LDAP and SAML mutually exclusive?
Created by: explody
We have a problem that may be a bug or may be "we're doing it wrong".
We set up GitlLab for LDAP, which worked great, then proceeded to add SAML as well, with the idea that users could login either with their LDAP creds or via our SSO, since the SSO is not quite ubiquitous in our org yet and also since LDAP contains quite a bit of data that the SSO provider does not (such as Twitter handle, etc.). The fields that overlap in LDAP and our SSO do match up, i.e. email, firstname/lastname, uid (as [email protected]).
The bug is thus:
- A user that has not been created yet can log in via SSO and the user is created on the fly.
June 01, 2014 11:49: User "Org User" ([email protected]) was created
June 01, 2014 11:49: (OAuth) Creating user [email protected] from login with extern_uid => orguser- If that user logs out, then logs in with LDAP credentials, it works and we can see the user object being updated in the logs:
June 01, 2014 11:51: (LDAP) Updating legacy LDAP user [email protected] with extern_uid => uid=orguser,ou=People,dc=domain,dc=com- The "bug" occurs if the same user then tries to log in w/ SAML SSO after having logged in with LDAP creds. It appears that GitLab doesn't manage to associate the incoming SAML user with an existing user record, tries to create a new user, and fails on an email address conflict: (we added a few 'puts' lines in the code so we could see what was going on. we also notice that "username" is coming through as blank thought that doesn't seem to affect user creation or login)

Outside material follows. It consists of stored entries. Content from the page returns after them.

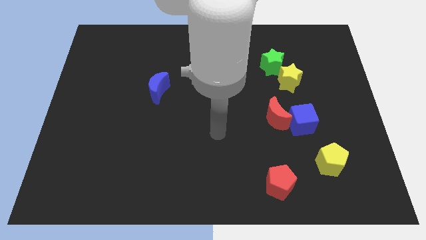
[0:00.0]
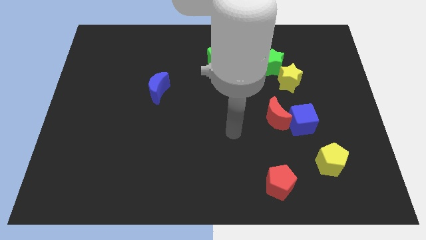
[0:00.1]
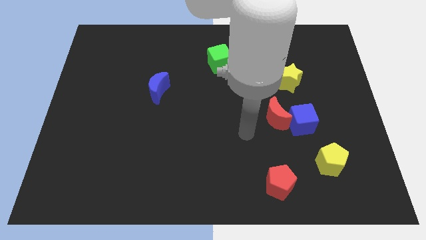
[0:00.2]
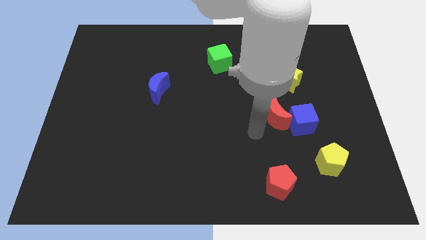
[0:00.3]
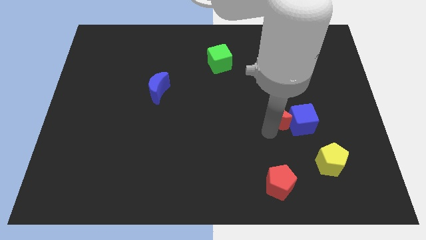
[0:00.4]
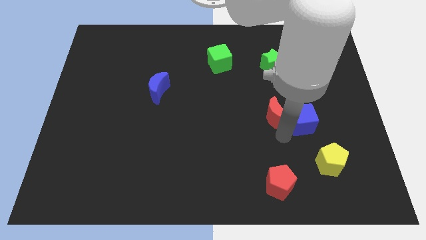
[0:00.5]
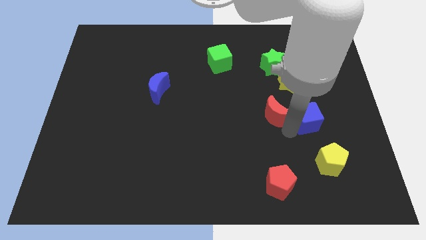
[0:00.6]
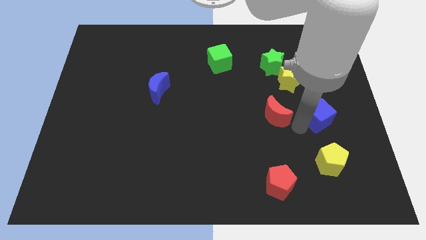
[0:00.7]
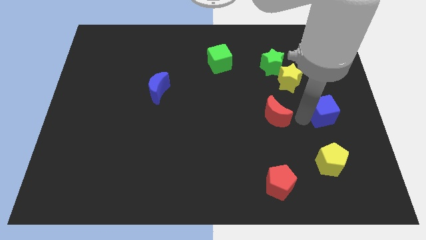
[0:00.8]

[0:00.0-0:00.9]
separate the red moon from the blue cube

==> log/unicorn.stdout.log <==
{:extern_uid=>"orguser", :provider=>"saml", :name=>"Org User", :username=>"", :email=>"[email protected]", :password=>"stuff", :password_confirmation=>"stuff"}
==> log/production.log <==
Completed 422 Unprocessable Entity in 128ms
ActiveRecord::RecordInvalid (Validation failed: Email has already been taken, Email has already been taken, Username has already been taken, Username already exists):
lib/gitlab/oauth/user.rb:47:in `create'
app/controllers/omniauth_callbacks_controller.rb:46:in `handle_omniauth'
app/controllers/omniauth_callbacks_controller.rb:9:in `block (2 levels) in <class:OmniauthCallbacksController>'
app/controllers/application_controller.rb:59:in `set_current_user_for_thread'We thought this might qualify as a bug since the user is gracefully updated when doing auth in order of 1)SAML then 2)LDAP, but throws errors when trying SAML again.
We did notice that there is a 'provider' attribute in the user model, implying that any given user would have only one provider, which also implies to us that a user would only be provided/auth'd from one source. Though since the user model updates when switching auth from SAML to LDAP, that also seems that it would do the same if switching login from LDAP to SAML.
So,
- Is this a bug or is a SAML misconfig preventing the users from being found, leading to the second attempted user creation?
- Should a user be able to auth off of multiple sources, back and forth?